When a line in the records contains the string "width", copy that line.

# # # # # # #

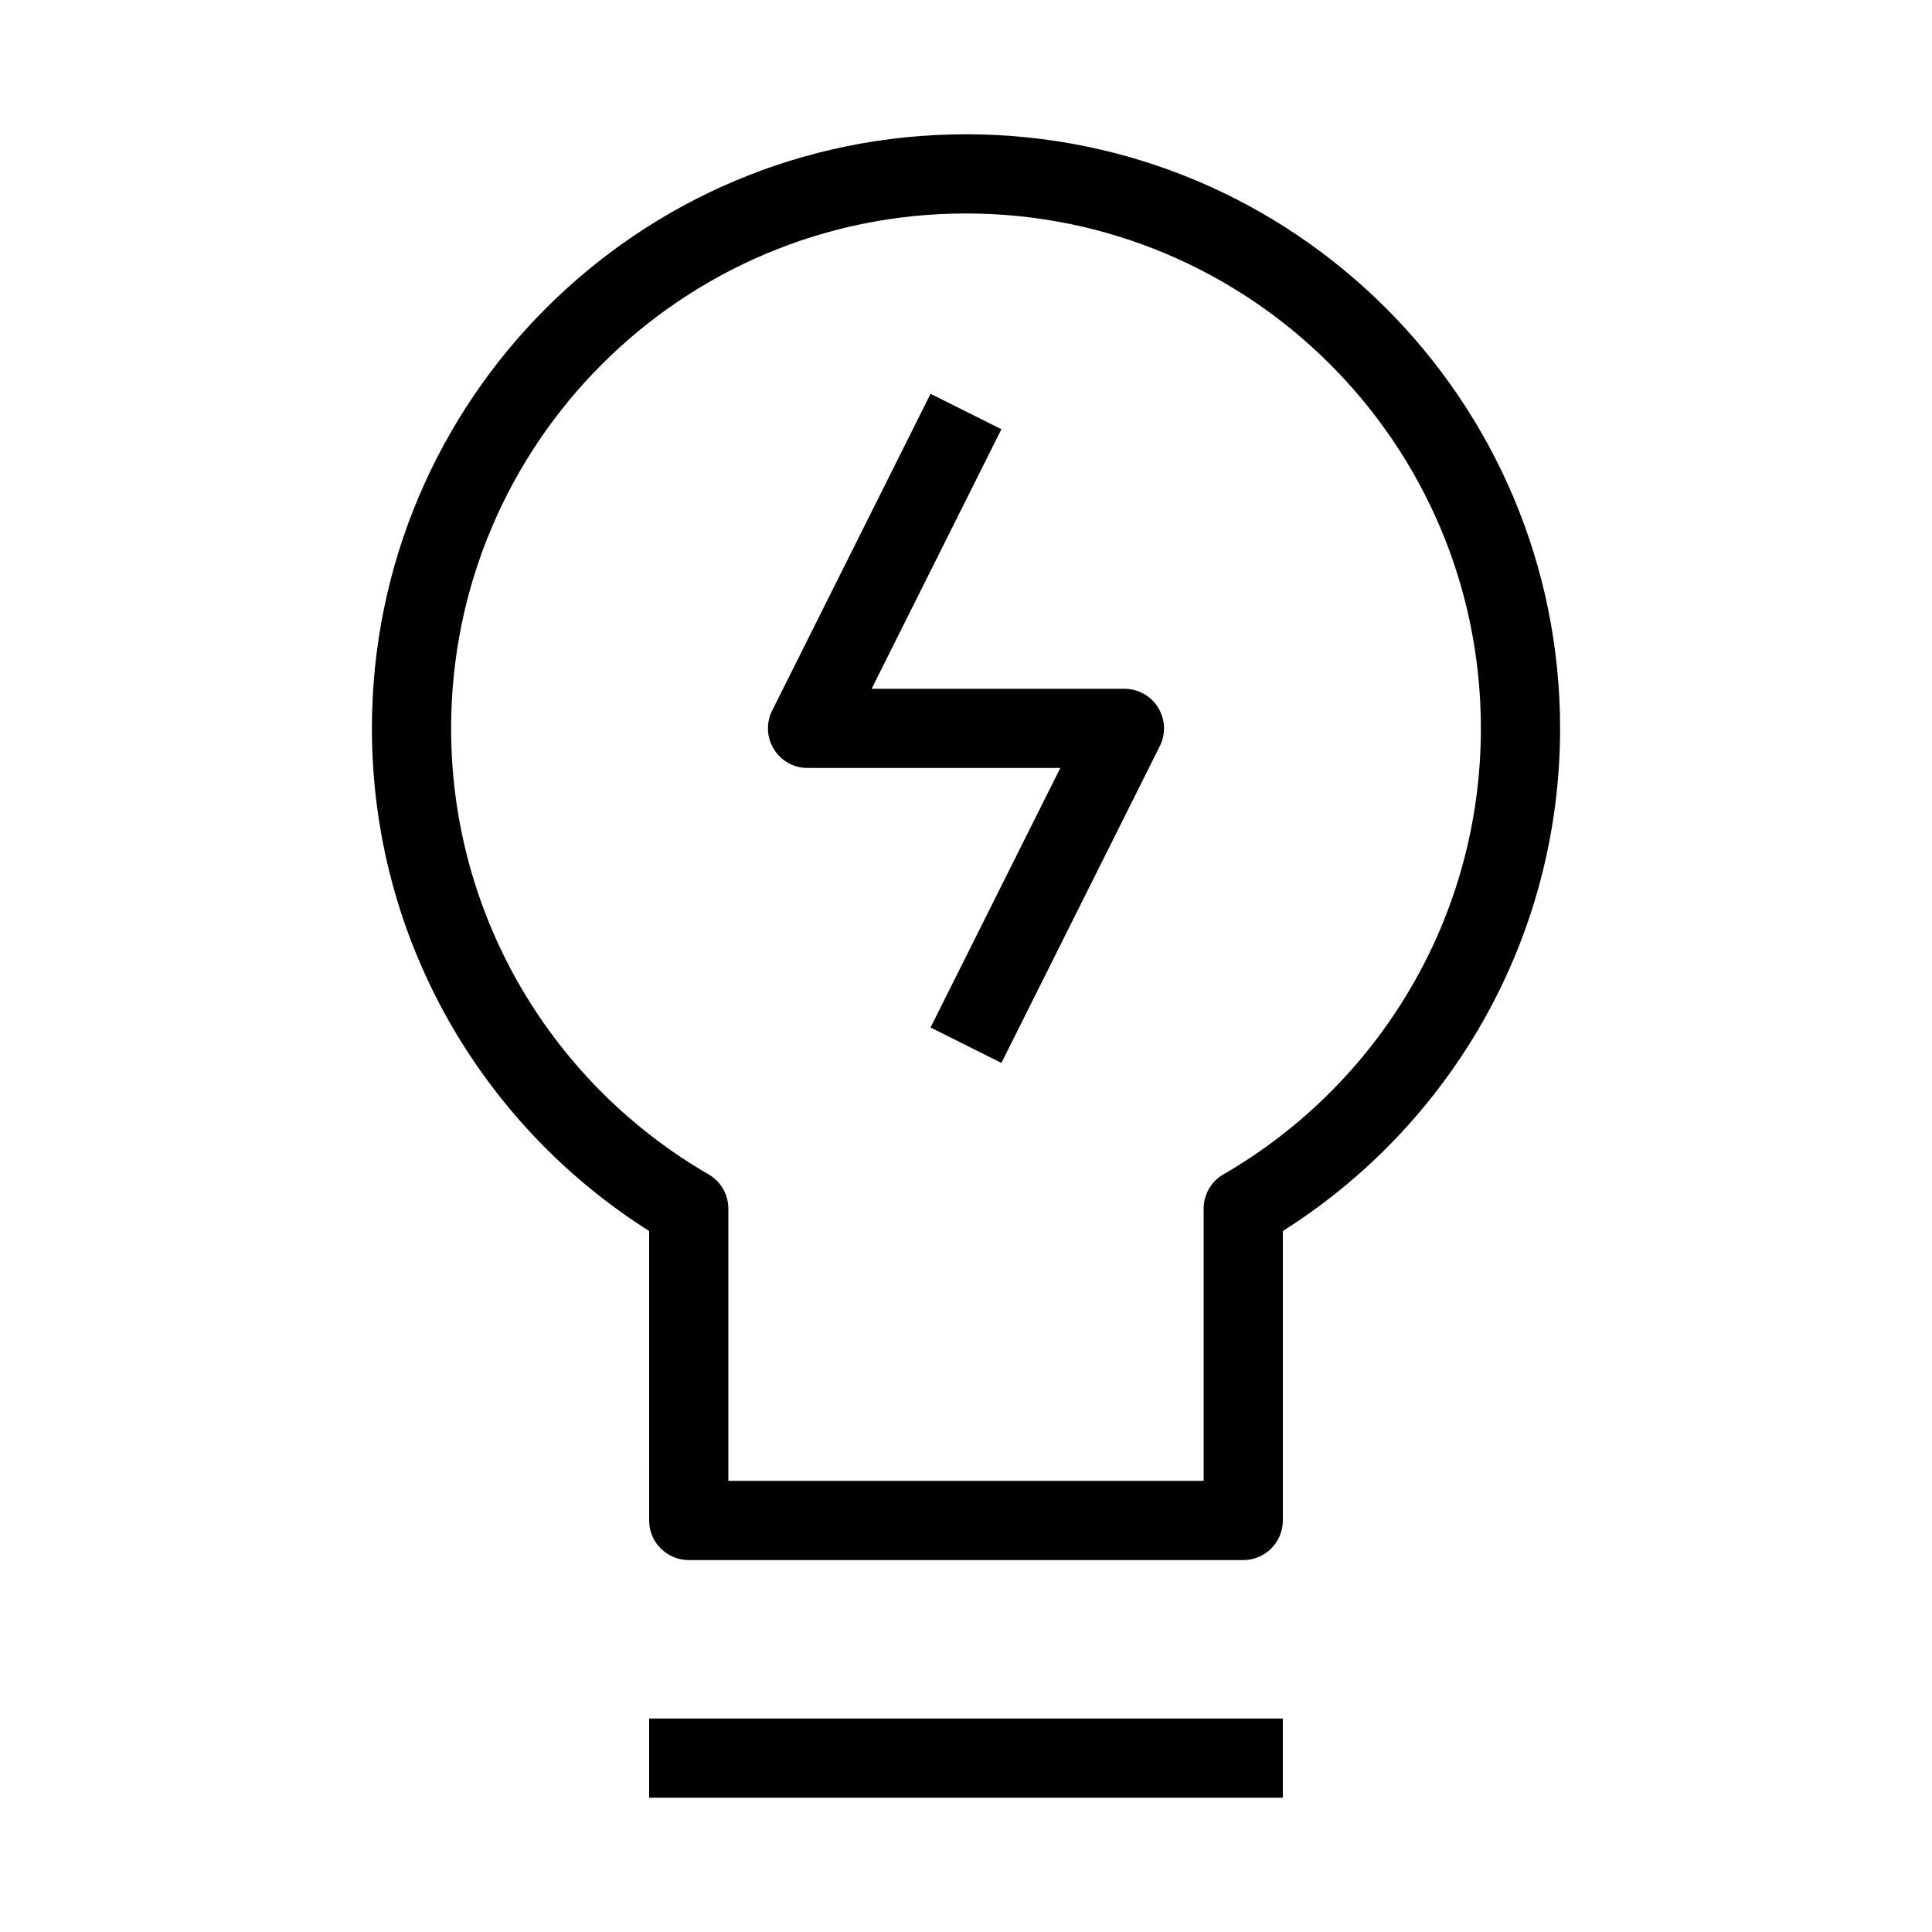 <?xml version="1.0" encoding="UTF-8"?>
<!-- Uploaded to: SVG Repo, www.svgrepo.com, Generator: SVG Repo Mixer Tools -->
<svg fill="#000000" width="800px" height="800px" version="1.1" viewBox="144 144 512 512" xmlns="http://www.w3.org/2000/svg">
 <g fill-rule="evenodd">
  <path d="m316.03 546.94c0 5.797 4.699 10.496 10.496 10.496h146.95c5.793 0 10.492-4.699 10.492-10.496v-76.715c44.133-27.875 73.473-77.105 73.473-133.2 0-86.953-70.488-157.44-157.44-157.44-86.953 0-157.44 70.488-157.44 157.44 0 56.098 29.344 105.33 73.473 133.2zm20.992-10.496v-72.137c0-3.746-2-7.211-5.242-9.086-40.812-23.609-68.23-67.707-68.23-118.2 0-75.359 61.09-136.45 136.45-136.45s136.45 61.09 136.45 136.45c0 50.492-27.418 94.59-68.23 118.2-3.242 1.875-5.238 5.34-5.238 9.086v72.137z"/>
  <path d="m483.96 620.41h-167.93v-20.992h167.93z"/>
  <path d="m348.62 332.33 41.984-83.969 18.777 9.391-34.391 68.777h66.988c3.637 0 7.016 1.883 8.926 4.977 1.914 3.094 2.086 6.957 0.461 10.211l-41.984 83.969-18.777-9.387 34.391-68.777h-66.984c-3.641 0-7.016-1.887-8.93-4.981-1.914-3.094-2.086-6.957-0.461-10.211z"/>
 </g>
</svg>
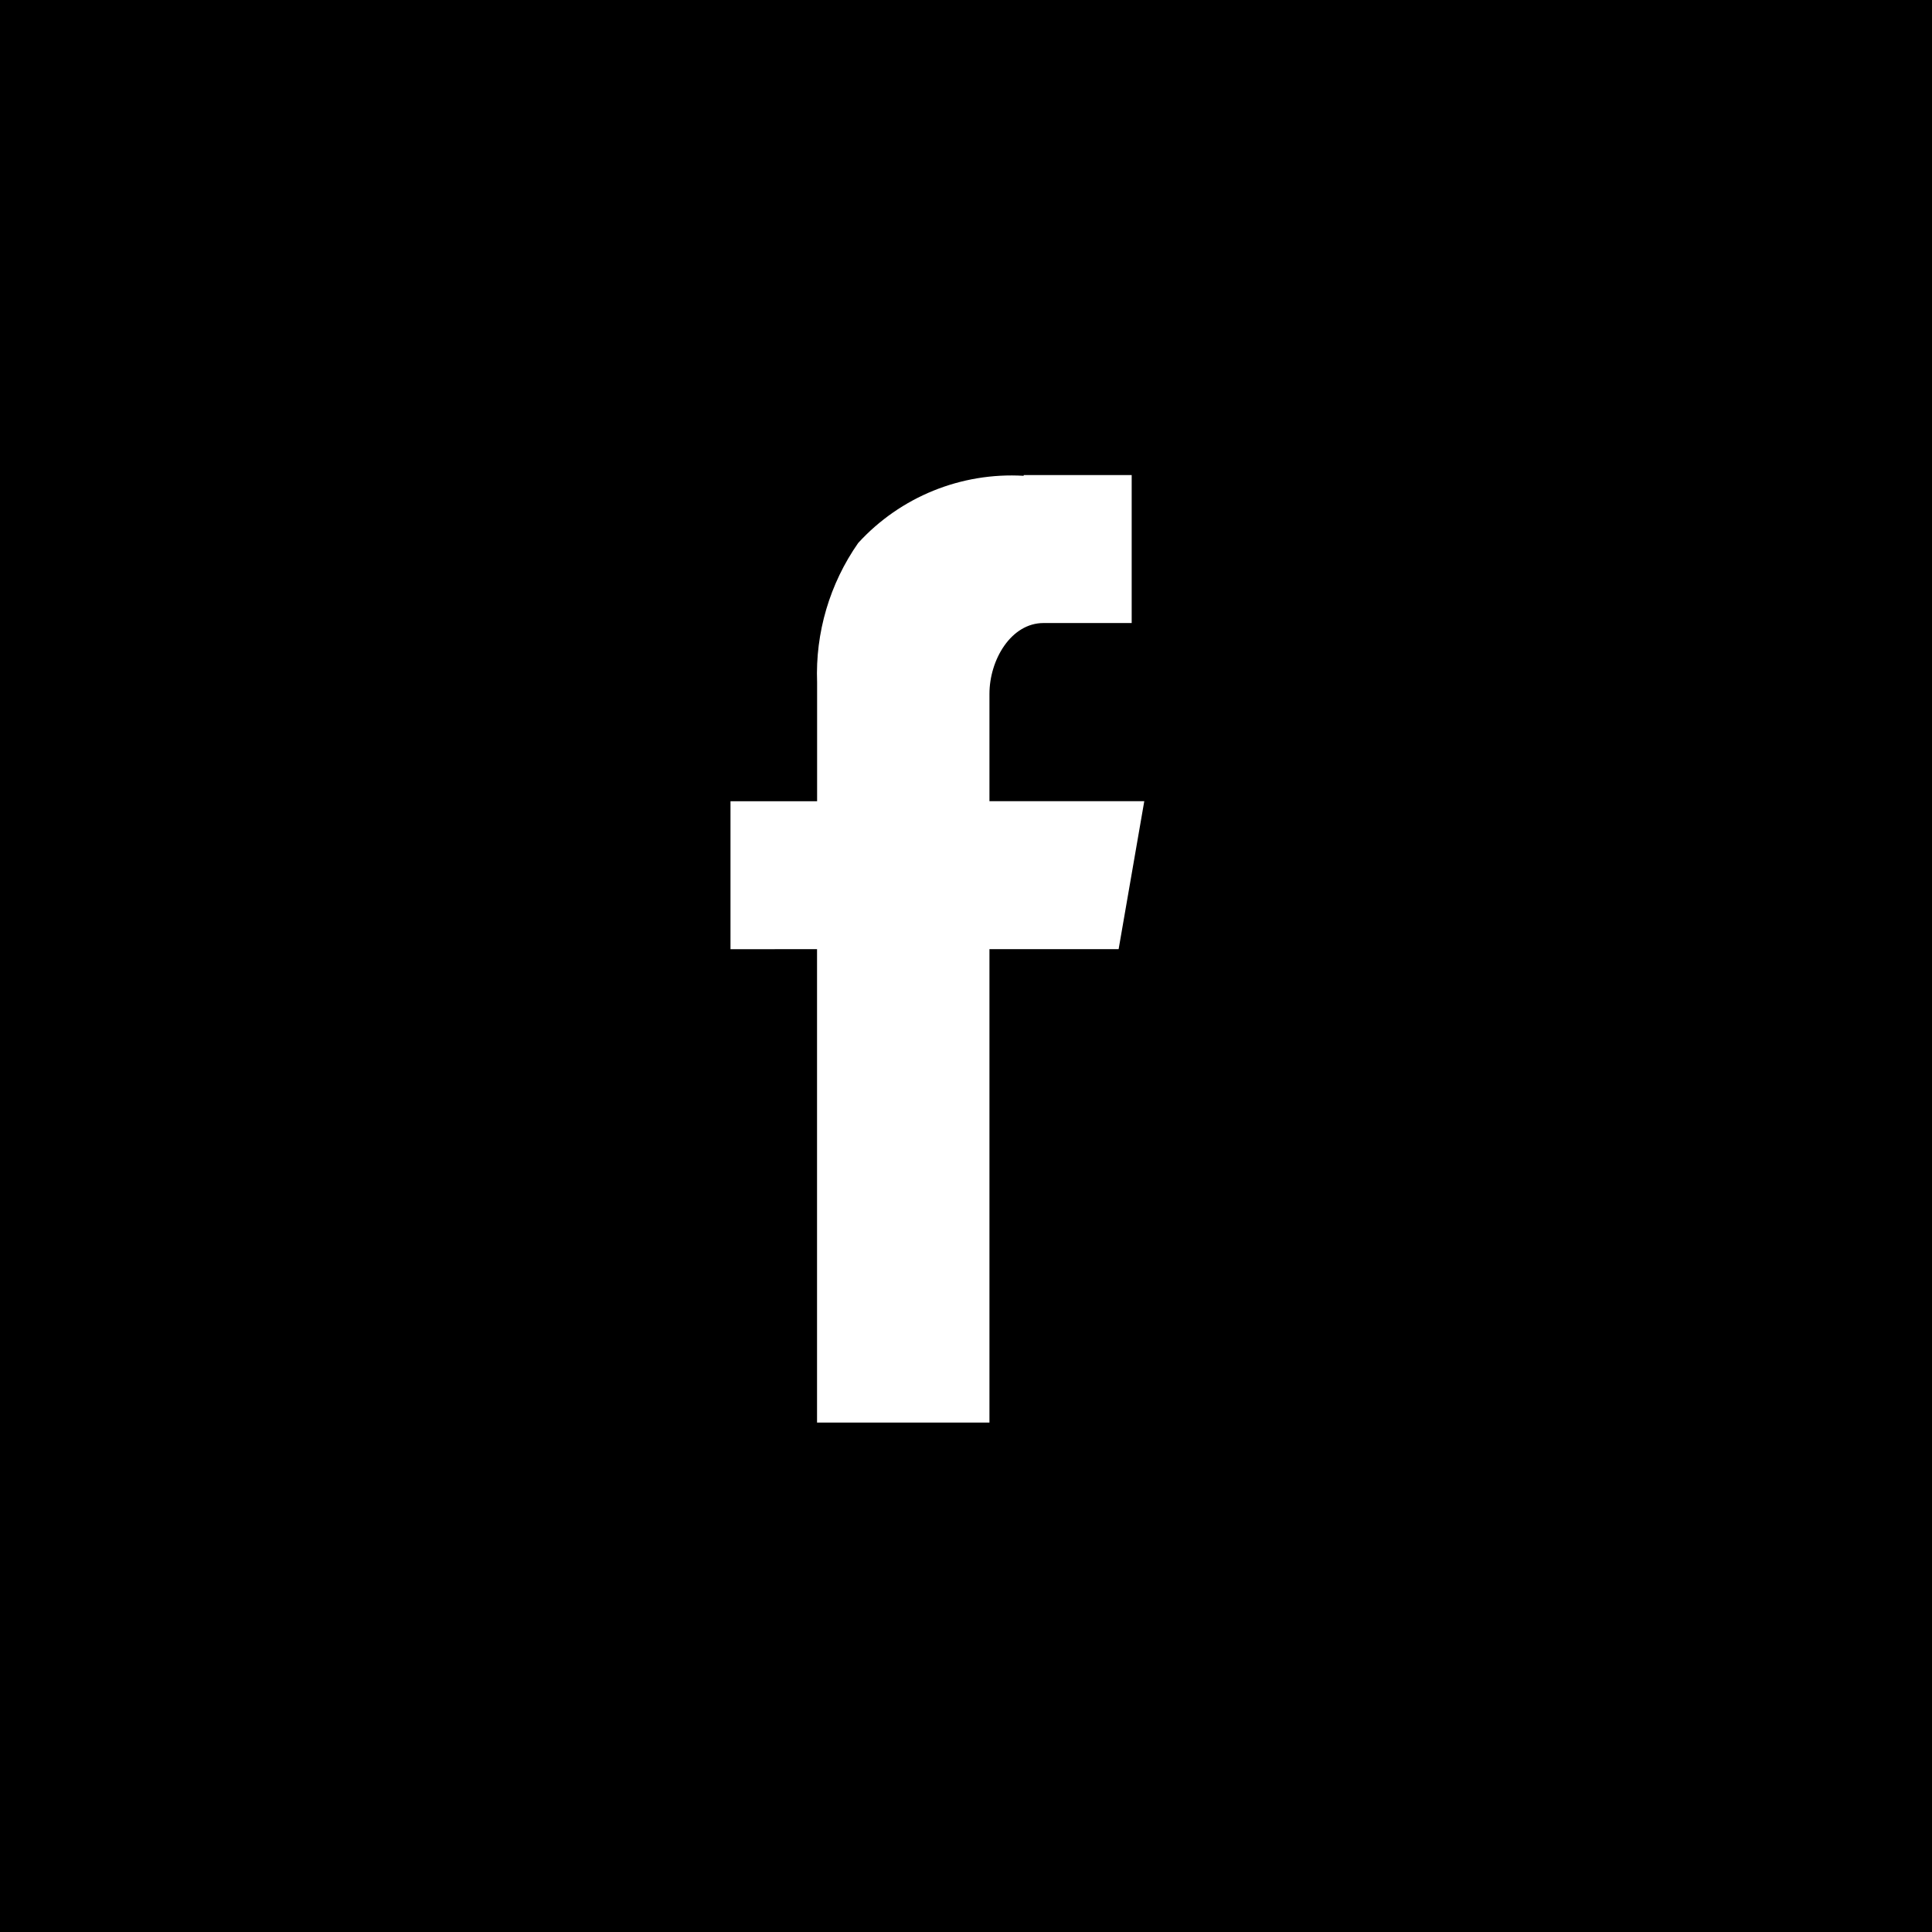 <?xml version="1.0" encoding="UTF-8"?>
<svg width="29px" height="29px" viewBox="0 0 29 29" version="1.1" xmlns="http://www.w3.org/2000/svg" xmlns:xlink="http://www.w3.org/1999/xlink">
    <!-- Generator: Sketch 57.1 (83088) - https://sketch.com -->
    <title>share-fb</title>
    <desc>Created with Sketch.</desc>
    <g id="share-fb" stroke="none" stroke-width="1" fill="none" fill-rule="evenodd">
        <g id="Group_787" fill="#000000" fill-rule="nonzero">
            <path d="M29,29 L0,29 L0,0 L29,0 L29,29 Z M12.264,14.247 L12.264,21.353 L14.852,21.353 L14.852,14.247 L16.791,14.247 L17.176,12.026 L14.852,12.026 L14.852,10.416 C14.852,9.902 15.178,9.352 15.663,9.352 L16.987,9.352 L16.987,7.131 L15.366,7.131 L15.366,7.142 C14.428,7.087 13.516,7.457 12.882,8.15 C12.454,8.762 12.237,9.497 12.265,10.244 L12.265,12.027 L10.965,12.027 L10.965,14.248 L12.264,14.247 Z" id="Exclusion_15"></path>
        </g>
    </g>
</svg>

# # # # # # #

* **Written solution**
<svg fill="#000000" width="800px" height="800px" version="1.1" viewBox="144 144 512 512" xmlns="http://www.w3.org/2000/svg">
<svg width="29px" height="29px" viewBox="0 0 29 29" version="1.1" xmlns="http://www.w3.org/2000/svg" xmlns:xlink="http://www.w3.org/1999/xlink">
    <g id="share-fb" stroke="none" stroke-width="1" fill="none" fill-rule="evenodd">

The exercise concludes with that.